Mariborska Koča to Ruška koča (~2.78mile/4.47km)

The mountain hut was open and would’ve been a good place to get some food in hindsight, but I was ready to continue on without much delay as I knew I was not even half way done for the day. I departed Mariborska Koča at 1356. According to my estimates I should get to Dom na Pesku in a little over 7hrs(or ~9PM).

My next destination was Ruška Koča pri Arehu, which the sign indicated would take about an hour or so. The photo gallery below depicts the views and scenery throughout this section. I arrived at the Ruška Koča around 1540. During this section, the visibility drastically changed and become quite foggy but the slight drop in temperature felt good. During this portion I also passed by several mass grave sites and memorials at the burial sites.

Ruška koča to Pri Bajgotu (Šumik) (~3.90mile/6.27km)

Around 1530 I had passed Ruška Koča without much of a stop. A little further up the trail I somehow deviated onto what I thought was the trail, but I was unable to track any trail blazes so I had to navigate on the trail I was on and head towards a road/trail that looked promising. Eventually I came to a road and noticed a sign that directed me toward Šumik. After walking down the forest road (with correct trail blazes) for a bit, I reached Pri Bajgotu (Šumik). I had already been hiking for 7 hours 9 minutes by this point and still had about 2 hours 30 minutes to get to Koča na Pesku. By this point I had also burned almost 5000 cal and was feeling pretty hungry for a solid meal that wasn’t a Cliff bar at my final destination.

Pri Bajgotu (Šumik) to Koča na Pesku (~7.98mile/12.79km)

Šumik appeared to be a picnic area so I did not spend anytime lingering around and was more focused on getting to Koča na Pesku preferably before it got too late.
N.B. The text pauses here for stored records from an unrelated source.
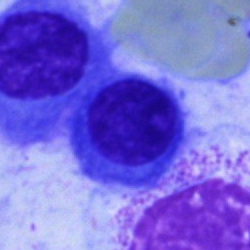Showing a plasma cell.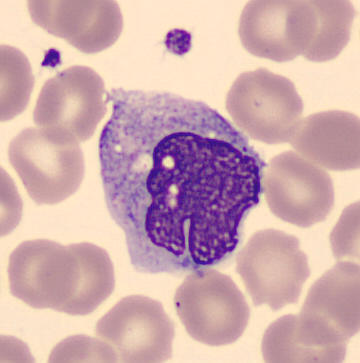Morphology → monocyte.
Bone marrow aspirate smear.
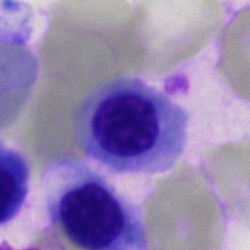Q: What is shown here?
A: Nucleated red blood cell.
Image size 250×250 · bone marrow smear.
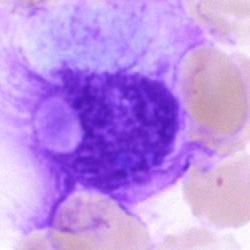 Cell = artefact.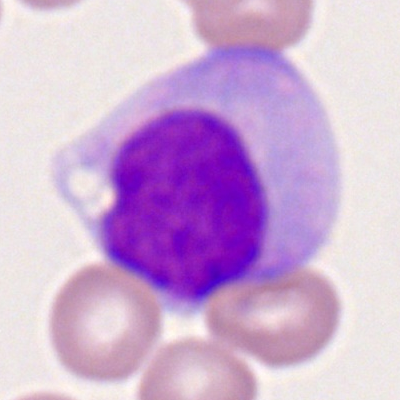 Q: Identify the cell.
A: Monoblast.
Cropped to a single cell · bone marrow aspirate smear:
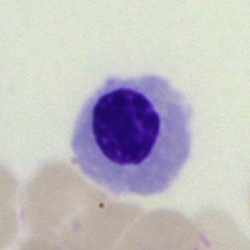
The classification is normoblast.
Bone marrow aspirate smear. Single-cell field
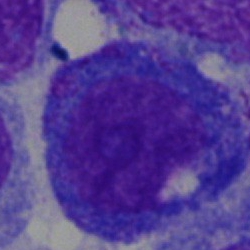 Q: What type of cell is this?
A: A promyelocyte.
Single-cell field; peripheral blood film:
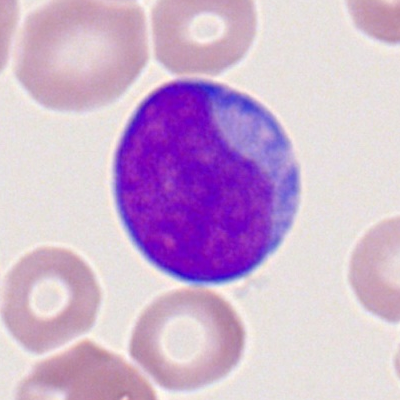Morphology consistent with a myeloblast.
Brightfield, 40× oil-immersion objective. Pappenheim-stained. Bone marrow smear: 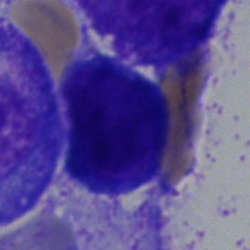Showing an artefact.
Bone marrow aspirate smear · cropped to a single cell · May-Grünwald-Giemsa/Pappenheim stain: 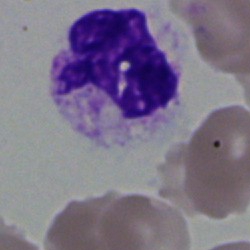Q: What is the morphological classification of this cell?
A: This is a polymorphonuclear neutrophil.

During my post trip look back in writing on this section, I missed the nearby waterfall and the Koča Šumik, which was up the road a little bit from where I turned off from.
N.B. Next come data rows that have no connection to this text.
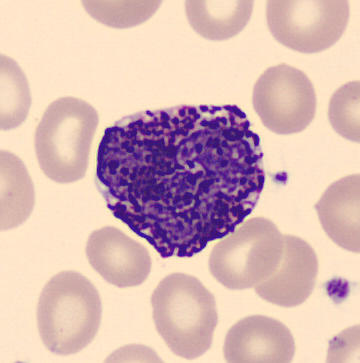Peripheral blood film.
Q: What is the morphological classification of this cell?
A: It is a basophil.
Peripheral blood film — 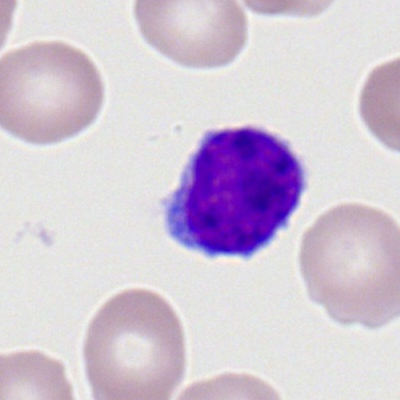 This is a lymphocyte.
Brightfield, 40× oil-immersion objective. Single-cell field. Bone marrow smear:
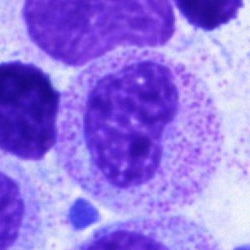 The cell type is neutrophil (band).
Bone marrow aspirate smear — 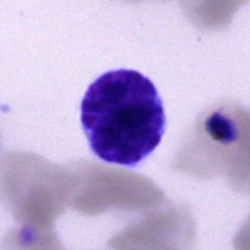 Impression → lymphocyte.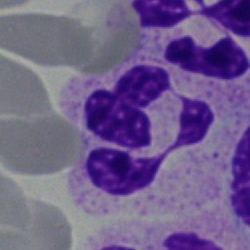Showing a neutrophil (segmented).
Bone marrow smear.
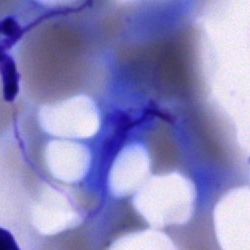 Impression — artefact.
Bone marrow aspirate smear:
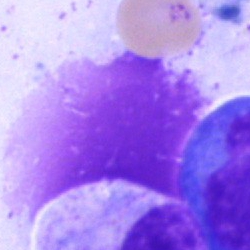

Q: What is shown here?
A: It is an artefact.
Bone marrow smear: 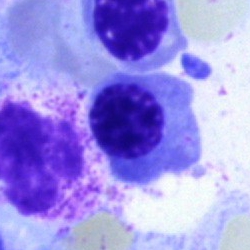

Cell type — neutrophil (segmented).
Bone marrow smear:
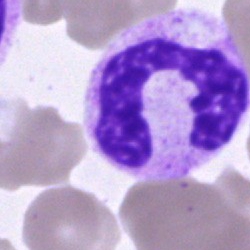Specimen: bone marrow smear.
Classification: stab cell.

The following pictures are from the next section. During this portion the visibility had certainly cleared up so I could see a little more of the surrounding landscape. As I got closer to Koča na Klopnem vrhu, I noticed a trail split for Pesek (Dom na Pesku). After assessing the time and my exhaustion I decide to skip the additional 1-2km an just get to my final destination.
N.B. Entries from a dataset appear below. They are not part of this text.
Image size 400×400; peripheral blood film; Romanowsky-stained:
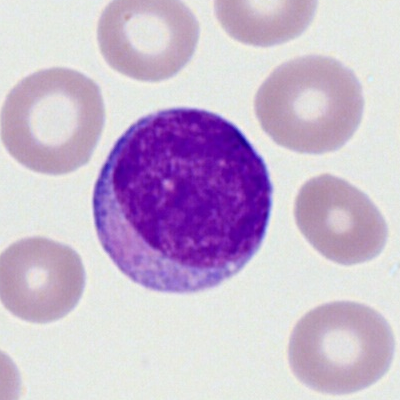Q: Identify the cell.
A: A myeloid blast.
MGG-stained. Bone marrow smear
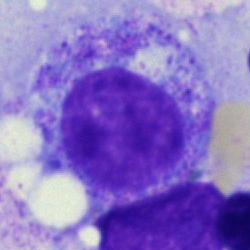Showing a promyelocyte.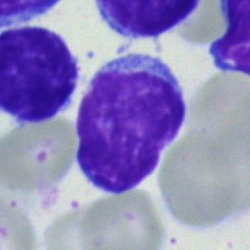 Q: What cell is this?
A: It is a typical lymphocyte.
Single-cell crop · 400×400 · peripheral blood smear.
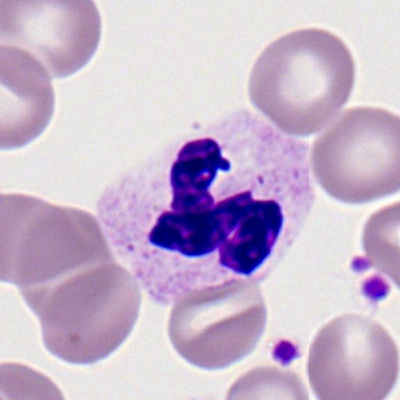This is a segmented neutrophil.
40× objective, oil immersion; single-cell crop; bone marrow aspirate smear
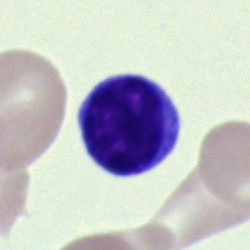
Single cell identified as a typical lymphocyte.
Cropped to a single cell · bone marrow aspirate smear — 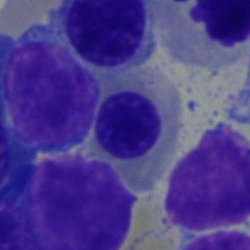

Morphological class — erythroblast.
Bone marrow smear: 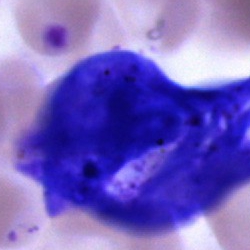

Specimen: bone marrow aspirate smear.
Morphological class: artifact.
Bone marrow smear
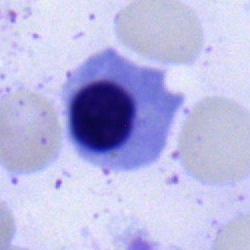

Nucleated red blood cell.
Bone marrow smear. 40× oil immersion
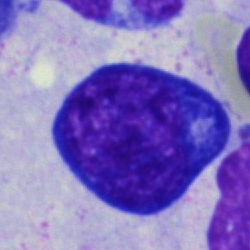 Morphological class: normoblast.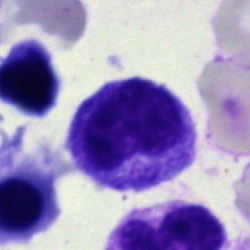

Q: What cell is this?
A: It is a metamyelocyte.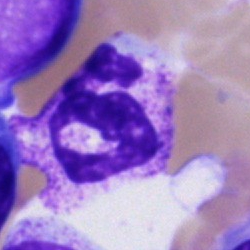
The cell is neutrophil (segmented).
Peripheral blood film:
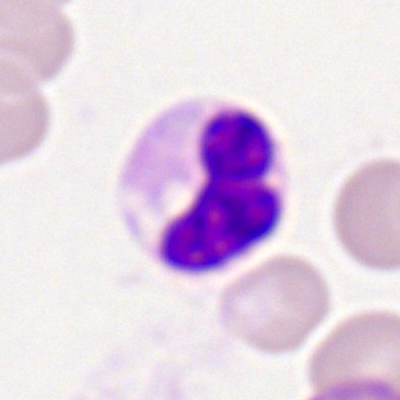
Cell type — segmented neutrophil.
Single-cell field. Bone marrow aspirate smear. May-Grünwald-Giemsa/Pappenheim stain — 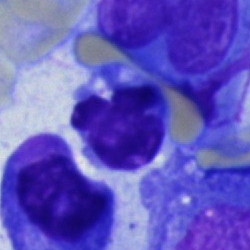Morphology → lymphocyte.
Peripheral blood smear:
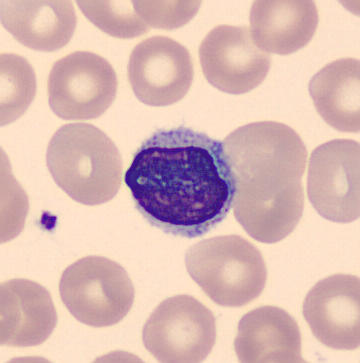 Single cell identified as a lymphocyte.
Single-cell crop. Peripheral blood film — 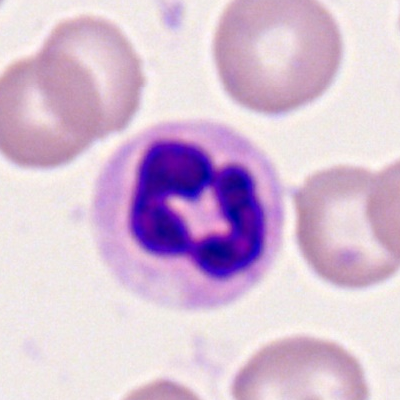 A segmented neutrophil.
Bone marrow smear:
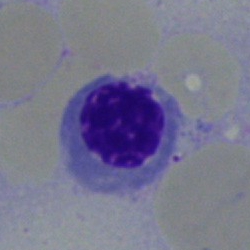

Cell: nucleated red blood cell.
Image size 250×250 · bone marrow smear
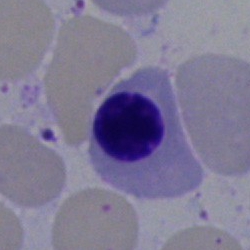

This is an erythroblast.
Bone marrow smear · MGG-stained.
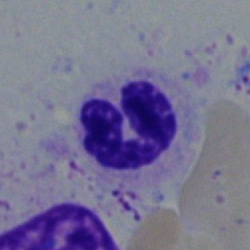Q: What type of cell is this?
A: Polymorphonuclear neutrophil.
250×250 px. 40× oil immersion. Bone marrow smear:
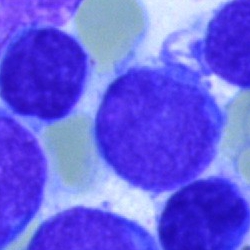

Q: What cell is this?
A: Blast.
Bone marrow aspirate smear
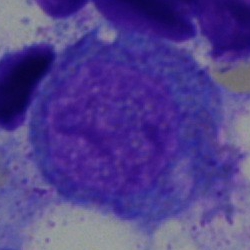
Specimen: bone marrow aspirate smear.
Morphological class: promyelocyte.
Lineage: myeloid.
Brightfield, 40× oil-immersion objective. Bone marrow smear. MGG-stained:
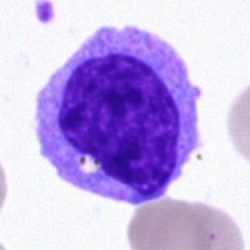 Q: Identify the cell.
A: A monocyte.

Around 1900 it was noticeably darker out but not quite dark to need a headlamp out. Within 25 minutes or so I would need to dawn my headlamp to prevent stumbling around on the exposed root and semi-rocky trail. I still had about 30 minutes left until reaching my end destination for the night.

Due to the darkness I got disoriented quite a bit, even with orienting utilizing my GPS coordinates and maps to track where the trail was supposed to be. Finding the trail was increasingly difficult even with my headlamp on. I did a lot of going down what appeared to be a trail then noticing how far I was off from the trail on my GPS then backtracked some to re-link up with the proper trail. Eventually I noticed a light in the distance through the semi-dense forest. As I got closer, it was in fact where I needed to be so all was good and I was happy to be almost done for the day.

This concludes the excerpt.